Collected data
**********
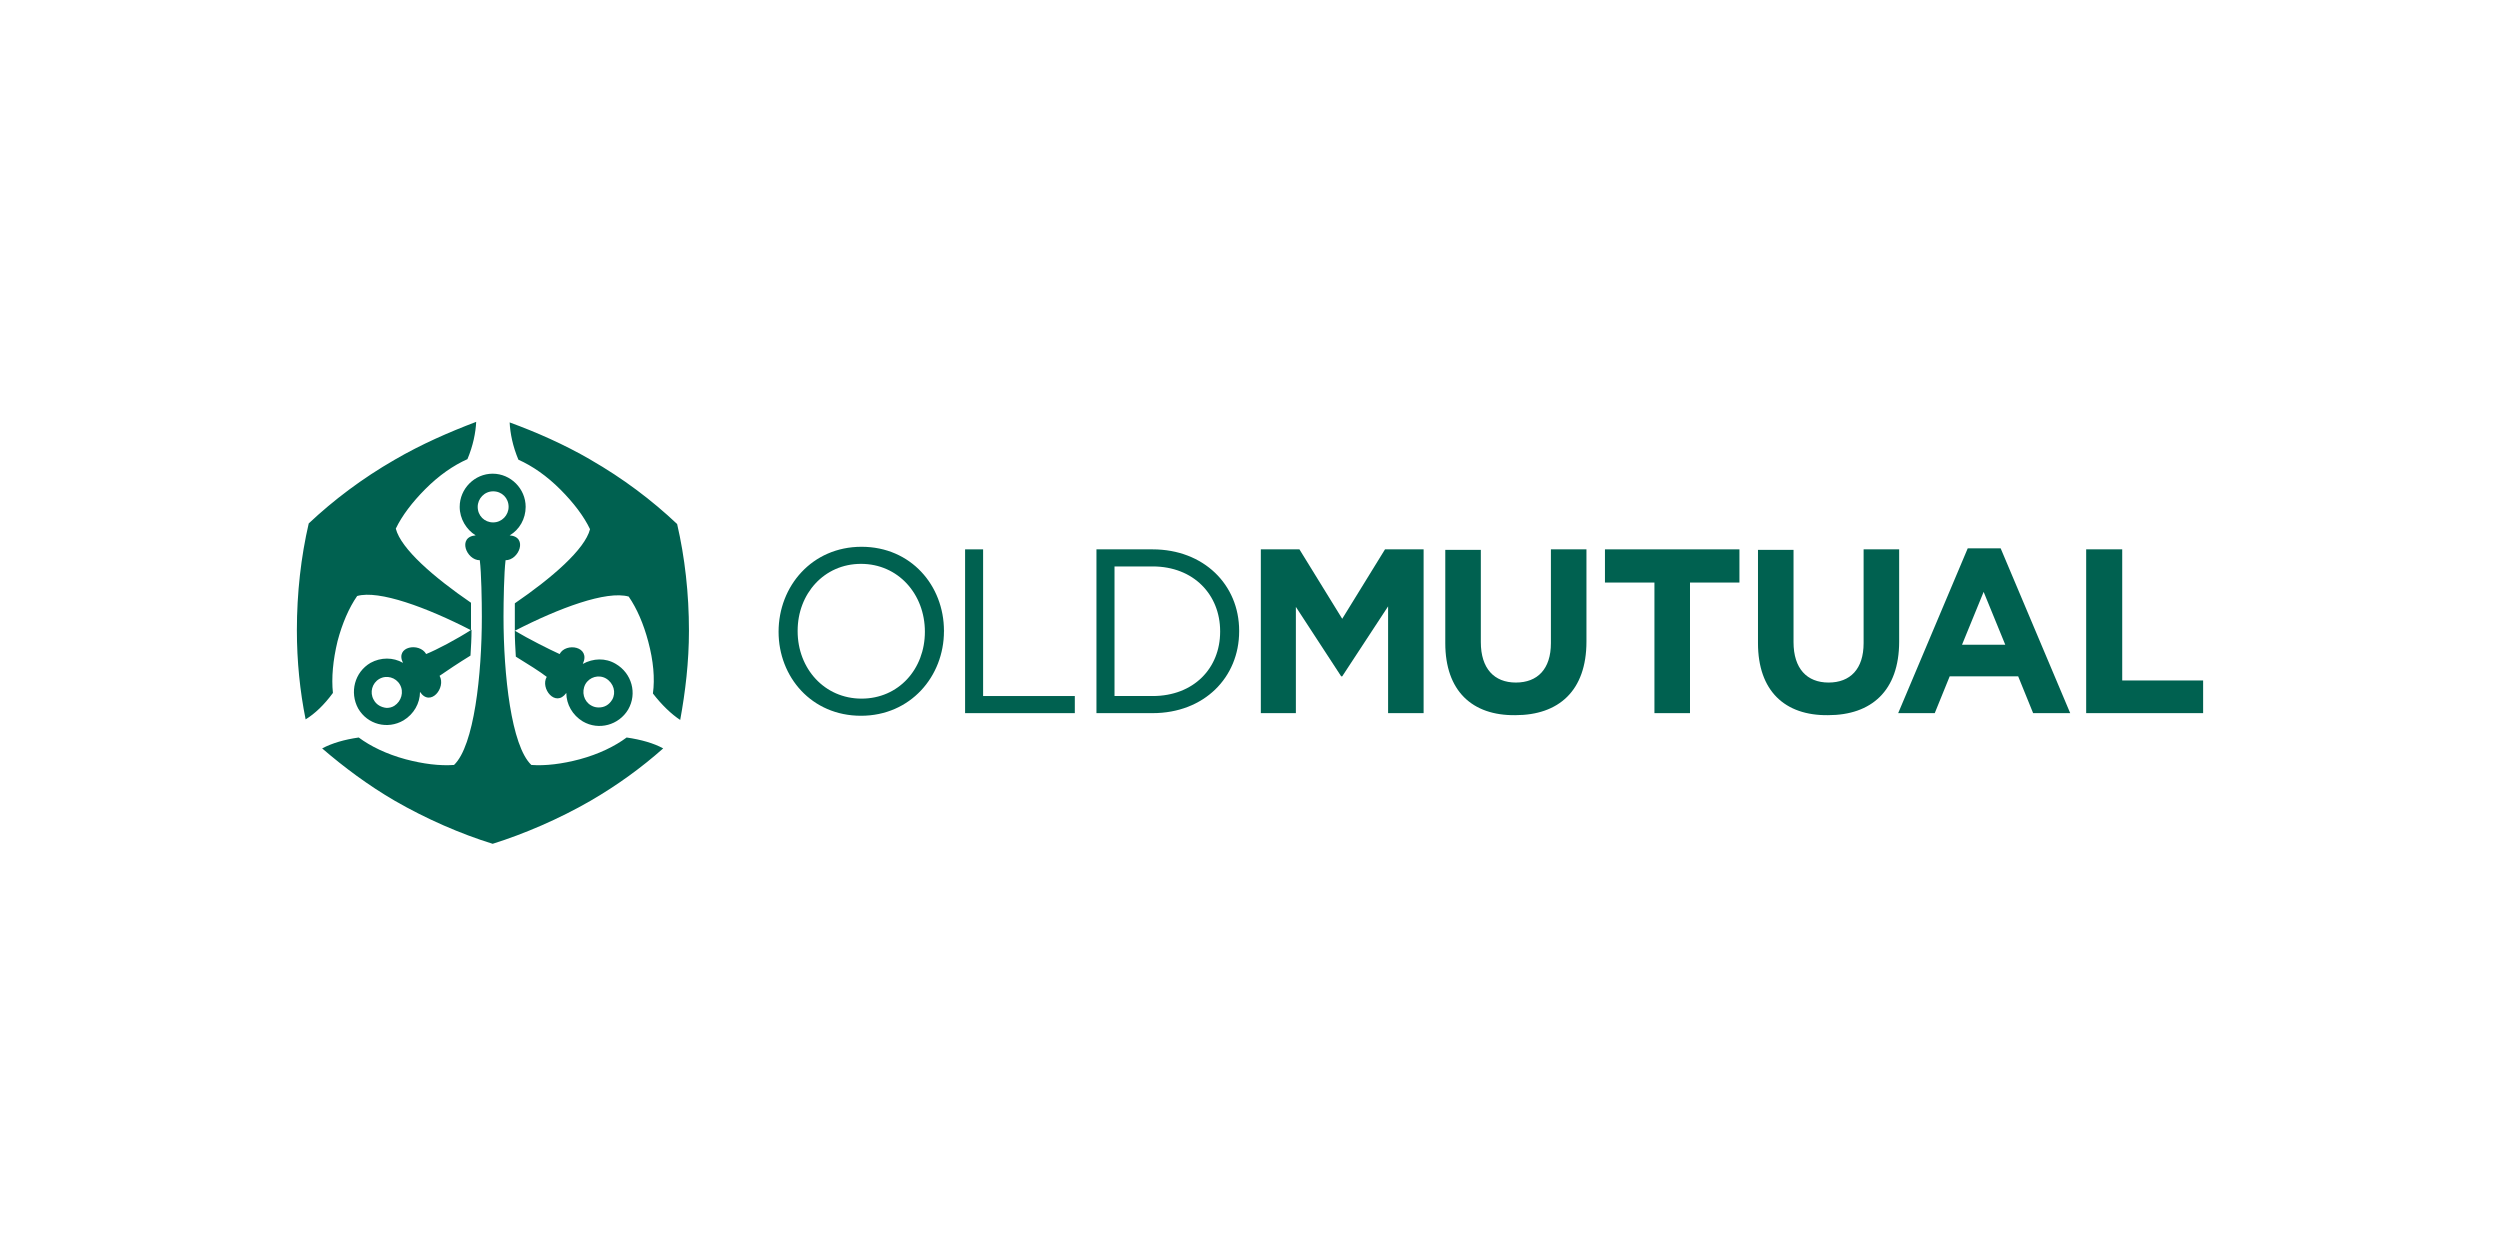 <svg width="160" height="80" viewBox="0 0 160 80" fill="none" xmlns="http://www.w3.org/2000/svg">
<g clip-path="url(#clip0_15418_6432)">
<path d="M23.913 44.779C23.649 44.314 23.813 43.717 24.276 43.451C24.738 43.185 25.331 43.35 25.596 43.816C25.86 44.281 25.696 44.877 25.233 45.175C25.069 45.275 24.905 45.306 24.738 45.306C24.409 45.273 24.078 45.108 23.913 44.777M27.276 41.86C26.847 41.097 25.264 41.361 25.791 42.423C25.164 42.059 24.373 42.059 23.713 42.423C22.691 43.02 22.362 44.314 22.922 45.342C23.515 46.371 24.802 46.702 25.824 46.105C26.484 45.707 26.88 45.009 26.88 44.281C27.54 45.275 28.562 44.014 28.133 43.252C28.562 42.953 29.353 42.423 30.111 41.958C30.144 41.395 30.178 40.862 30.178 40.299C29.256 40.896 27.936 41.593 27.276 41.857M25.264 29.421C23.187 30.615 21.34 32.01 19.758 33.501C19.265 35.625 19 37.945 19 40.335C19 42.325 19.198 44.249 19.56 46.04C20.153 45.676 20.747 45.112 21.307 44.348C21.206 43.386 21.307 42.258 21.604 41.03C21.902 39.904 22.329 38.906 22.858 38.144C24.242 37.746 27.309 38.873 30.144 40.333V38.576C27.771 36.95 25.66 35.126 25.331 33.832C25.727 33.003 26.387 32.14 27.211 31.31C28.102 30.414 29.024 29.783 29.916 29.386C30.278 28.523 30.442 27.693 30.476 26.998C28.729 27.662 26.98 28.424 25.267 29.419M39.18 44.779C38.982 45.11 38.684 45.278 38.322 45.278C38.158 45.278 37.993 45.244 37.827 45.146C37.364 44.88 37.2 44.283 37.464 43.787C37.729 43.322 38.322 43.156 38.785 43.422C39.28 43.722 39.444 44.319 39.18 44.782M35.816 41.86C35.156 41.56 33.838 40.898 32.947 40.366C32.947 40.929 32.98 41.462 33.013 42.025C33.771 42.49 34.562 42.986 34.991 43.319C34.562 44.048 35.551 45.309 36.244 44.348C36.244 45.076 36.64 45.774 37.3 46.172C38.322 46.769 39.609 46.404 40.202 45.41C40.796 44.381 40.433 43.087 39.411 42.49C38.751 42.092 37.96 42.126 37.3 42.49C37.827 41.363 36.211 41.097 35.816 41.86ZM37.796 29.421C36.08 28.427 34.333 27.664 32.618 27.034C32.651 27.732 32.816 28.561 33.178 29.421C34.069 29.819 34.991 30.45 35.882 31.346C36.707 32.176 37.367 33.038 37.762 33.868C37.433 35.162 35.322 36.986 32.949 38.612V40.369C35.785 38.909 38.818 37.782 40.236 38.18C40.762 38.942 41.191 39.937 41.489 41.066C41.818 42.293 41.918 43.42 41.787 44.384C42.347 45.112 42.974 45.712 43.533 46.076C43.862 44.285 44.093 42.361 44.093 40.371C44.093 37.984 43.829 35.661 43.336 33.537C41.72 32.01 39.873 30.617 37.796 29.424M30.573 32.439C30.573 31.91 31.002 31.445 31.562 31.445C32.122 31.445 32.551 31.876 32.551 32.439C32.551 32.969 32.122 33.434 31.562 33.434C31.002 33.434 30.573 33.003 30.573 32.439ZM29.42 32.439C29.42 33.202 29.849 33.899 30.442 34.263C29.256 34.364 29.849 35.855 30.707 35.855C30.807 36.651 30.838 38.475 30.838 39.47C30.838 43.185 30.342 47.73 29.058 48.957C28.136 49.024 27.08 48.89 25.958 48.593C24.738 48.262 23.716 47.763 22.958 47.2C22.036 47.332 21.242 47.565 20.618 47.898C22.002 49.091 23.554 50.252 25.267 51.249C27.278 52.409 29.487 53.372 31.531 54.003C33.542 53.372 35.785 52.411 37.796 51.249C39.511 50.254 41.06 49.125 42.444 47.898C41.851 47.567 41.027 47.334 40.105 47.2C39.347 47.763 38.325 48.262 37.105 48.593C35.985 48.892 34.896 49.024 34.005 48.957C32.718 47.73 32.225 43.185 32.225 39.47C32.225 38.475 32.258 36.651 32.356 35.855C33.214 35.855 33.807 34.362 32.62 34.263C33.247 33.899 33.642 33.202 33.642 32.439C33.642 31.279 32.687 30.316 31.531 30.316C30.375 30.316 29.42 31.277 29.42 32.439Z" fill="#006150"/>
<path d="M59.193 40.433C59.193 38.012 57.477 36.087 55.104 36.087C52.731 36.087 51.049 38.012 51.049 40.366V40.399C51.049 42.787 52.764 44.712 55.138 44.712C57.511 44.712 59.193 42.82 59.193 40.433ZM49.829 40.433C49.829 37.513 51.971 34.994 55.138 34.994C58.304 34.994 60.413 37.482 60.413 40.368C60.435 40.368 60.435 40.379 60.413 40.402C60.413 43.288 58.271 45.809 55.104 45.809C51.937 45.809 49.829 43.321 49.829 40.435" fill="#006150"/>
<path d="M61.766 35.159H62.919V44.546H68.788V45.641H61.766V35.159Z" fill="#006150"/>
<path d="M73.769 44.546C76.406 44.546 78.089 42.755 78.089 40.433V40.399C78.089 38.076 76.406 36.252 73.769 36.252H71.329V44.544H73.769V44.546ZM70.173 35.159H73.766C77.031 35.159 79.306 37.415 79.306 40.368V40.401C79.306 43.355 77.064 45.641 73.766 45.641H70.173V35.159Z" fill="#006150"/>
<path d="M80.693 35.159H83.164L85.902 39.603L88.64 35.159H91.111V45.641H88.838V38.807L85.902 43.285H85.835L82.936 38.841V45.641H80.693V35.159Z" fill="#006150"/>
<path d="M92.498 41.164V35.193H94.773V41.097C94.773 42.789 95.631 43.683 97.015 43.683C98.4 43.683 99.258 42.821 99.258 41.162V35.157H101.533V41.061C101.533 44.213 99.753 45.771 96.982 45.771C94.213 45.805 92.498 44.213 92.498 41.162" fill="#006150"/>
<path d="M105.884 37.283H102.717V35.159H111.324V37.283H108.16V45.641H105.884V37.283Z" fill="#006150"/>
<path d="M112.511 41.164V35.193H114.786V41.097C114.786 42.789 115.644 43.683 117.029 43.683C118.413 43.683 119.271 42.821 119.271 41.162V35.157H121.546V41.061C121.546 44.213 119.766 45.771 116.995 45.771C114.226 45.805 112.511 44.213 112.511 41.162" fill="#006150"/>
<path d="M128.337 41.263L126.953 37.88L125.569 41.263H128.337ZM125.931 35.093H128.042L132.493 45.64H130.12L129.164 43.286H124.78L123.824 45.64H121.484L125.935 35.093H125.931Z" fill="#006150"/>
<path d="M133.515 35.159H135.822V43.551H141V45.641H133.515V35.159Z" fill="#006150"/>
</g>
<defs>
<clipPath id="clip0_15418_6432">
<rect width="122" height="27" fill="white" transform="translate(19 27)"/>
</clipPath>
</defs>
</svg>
**********
● EXERCISE BRIEF:
Leaving out only the pictures, retype every record exactly.

● EXPECTED ANSWER:
 <svg width="160" height="80" viewBox="0 0 160 80" fill="none" xmlns="http://www.w3.org/2000/svg">
<g clip-path="url(#clip0_15418_6432)">
<path d="M23.913 44.779C23.649 44.314 23.813 43.717 24.276 43.451C24.738 43.185 25.331 43.35 25.596 43.816C25.86 44.281 25.696 44.877 25.233 45.175C25.069 45.275 24.905 45.306 24.738 45.306C24.409 45.273 24.078 45.108 23.913 44.777M27.276 41.86C26.847 41.097 25.264 41.361 25.791 42.423C25.164 42.059 24.373 42.059 23.713 42.423C22.691 43.02 22.362 44.314 22.922 45.342C23.515 46.371 24.802 46.702 25.824 46.105C26.484 45.707 26.88 45.009 26.88 44.281C27.54 45.275 28.562 44.014 28.133 43.252C28.562 42.953 29.353 42.423 30.111 41.958C30.144 41.395 30.178 40.862 30.178 40.299C29.256 40.896 27.936 41.593 27.276 41.857M25.264 29.421C23.187 30.615 21.34 32.01 19.758 33.501C19.265 35.625 19 37.945 19 40.335C19 42.325 19.198 44.249 19.56 46.04C20.153 45.676 20.747 45.112 21.307 44.348C21.206 43.386 21.307 42.258 21.604 41.03C21.902 39.904 22.329 38.906 22.858 38.144C24.242 37.746 27.309 38.873 30.144 40.333V38.576C27.771 36.95 25.66 35.126 25.331 33.832C25.727 33.003 26.387 32.14 27.211 31.31C28.102 30.414 29.024 29.783 29.916 29.386C30.278 28.523 30.442 27.693 30.476 26.998C28.729 27.662 26.98 28.424 25.267 29.419M39.18 44.779C38.982 45.11 38.684 45.278 38.322 45.278C38.158 45.278 37.993 45.244 37.827 45.146C37.364 44.88 37.2 44.283 37.464 43.787C37.729 43.322 38.322 43.156 38.785 43.422C39.28 43.722 39.444 44.319 39.18 44.782M35.816 41.86C35.156 41.56 33.838 40.898 32.947 40.366C32.947 40.929 32.98 41.462 33.013 42.025C33.771 42.49 34.562 42.986 34.991 43.319C34.562 44.048 35.551 45.309 36.244 44.348C36.244 45.076 36.64 45.774 37.3 46.172C38.322 46.769 39.609 46.404 40.202 45.41C40.796 44.381 40.433 43.087 39.411 42.49C38.751 42.092 37.96 42.126 37.3 42.49C37.827 41.363 36.211 41.097 35.816 41.86ZM37.796 29.421C36.08 28.427 34.333 27.664 32.618 27.034C32.651 27.732 32.816 28.561 33.178 29.421C34.069 29.819 34.991 30.45 35.882 31.346C36.707 32.176 37.367 33.038 37.762 33.868C37.433 35.162 35.322 36.986 32.949 38.612V40.369C35.785 38.909 38.818 37.782 40.236 38.18C40.762 38.942 41.191 39.937 41.489 41.066C41.818 42.293 41.918 43.42 41.787 44.384C42.347 45.112 42.974 45.712 43.533 46.076C43.862 44.285 44.093 42.361 44.093 40.371C44.093 37.984 43.829 35.661 43.336 33.537C41.72 32.01 39.873 30.617 37.796 29.424M30.573 32.439C30.573 31.91 31.002 31.445 31.562 31.445C32.122 31.445 32.551 31.876 32.551 32.439C32.551 32.969 32.122 33.434 31.562 33.434C31.002 33.434 30.573 33.003 30.573 32.439ZM29.42 32.439C29.42 33.202 29.849 33.899 30.442 34.263C29.256 34.364 29.849 35.855 30.707 35.855C30.807 36.651 30.838 38.475 30.838 39.47C30.838 43.185 30.342 47.73 29.058 48.957C28.136 49.024 27.08 48.89 25.958 48.593C24.738 48.262 23.716 47.763 22.958 47.2C22.036 47.332 21.242 47.565 20.618 47.898C22.002 49.091 23.554 50.252 25.267 51.249C27.278 52.409 29.487 53.372 31.531 54.003C33.542 53.372 35.785 52.411 37.796 51.249C39.511 50.254 41.06 49.125 42.444 47.898C41.851 47.567 41.027 47.334 40.105 47.2C39.347 47.763 38.325 48.262 37.105 48.593C35.985 48.892 34.896 49.024 34.005 48.957C32.718 47.73 32.225 43.185 32.225 39.47C32.225 38.475 32.258 36.651 32.356 35.855C33.214 35.855 33.807 34.362 32.62 34.263C33.247 33.899 33.642 33.202 33.642 32.439C33.642 31.279 32.687 30.316 31.531 30.316C30.375 30.316 29.42 31.277 29.42 32.439Z" fill="#006150"/>
<path d="M59.193 40.433C59.193 38.012 57.477 36.087 55.104 36.087C52.731 36.087 51.049 38.012 51.049 40.366V40.399C51.049 42.787 52.764 44.712 55.138 44.712C57.511 44.712 59.193 42.82 59.193 40.433ZM49.829 40.433C49.829 37.513 51.971 34.994 55.138 34.994C58.304 34.994 60.413 37.482 60.413 40.368C60.435 40.368 60.435 40.379 60.413 40.402C60.413 43.288 58.271 45.809 55.104 45.809C51.937 45.809 49.829 43.321 49.829 40.435" fill="#006150"/>
<path d="M61.766 35.159H62.919V44.546H68.788V45.641H61.766V35.159Z" fill="#006150"/>
<path d="M73.769 44.546C76.406 44.546 78.089 42.755 78.089 40.433V40.399C78.089 38.076 76.406 36.252 73.769 36.252H71.329V44.544H73.769V44.546ZM70.173 35.159H73.766C77.031 35.159 79.306 37.415 79.306 40.368V40.401C79.306 43.355 77.064 45.641 73.766 45.641H70.173V35.159Z" fill="#006150"/>
<path d="M80.693 35.159H83.164L85.902 39.603L88.64 35.159H91.111V45.641H88.838V38.807L85.902 43.285H85.835L82.936 38.841V45.641H80.693V35.159Z" fill="#006150"/>
<path d="M92.498 41.164V35.193H94.773V41.097C94.773 42.789 95.631 43.683 97.015 43.683C98.4 43.683 99.258 42.821 99.258 41.162V35.157H101.533V41.061C101.533 44.213 99.753 45.771 96.982 45.771C94.213 45.805 92.498 44.213 92.498 41.162" fill="#006150"/>
<path d="M105.884 37.283H102.717V35.159H111.324V37.283H108.16V45.641H105.884V37.283Z" fill="#006150"/>
<path d="M112.511 41.164V35.193H114.786V41.097C114.786 42.789 115.644 43.683 117.029 43.683C118.413 43.683 119.271 42.821 119.271 41.162V35.157H121.546V41.061C121.546 44.213 119.766 45.771 116.995 45.771C114.226 45.805 112.511 44.213 112.511 41.162" fill="#006150"/>
<path d="M128.337 41.263L126.953 37.88L125.569 41.263H128.337ZM125.931 35.093H128.042L132.493 45.64H130.12L129.164 43.286H124.78L123.824 45.64H121.484L125.935 35.093H125.931Z" fill="#006150"/>
<path d="M133.515 35.159H135.822V43.551H141V45.641H133.515V35.159Z" fill="#006150"/>
</g>
<defs>
<clipPath id="clip0_15418_6432">
<rect width="122" height="27" fill="white" transform="translate(19 27)"/>
</clipPath>
</defs>
</svg>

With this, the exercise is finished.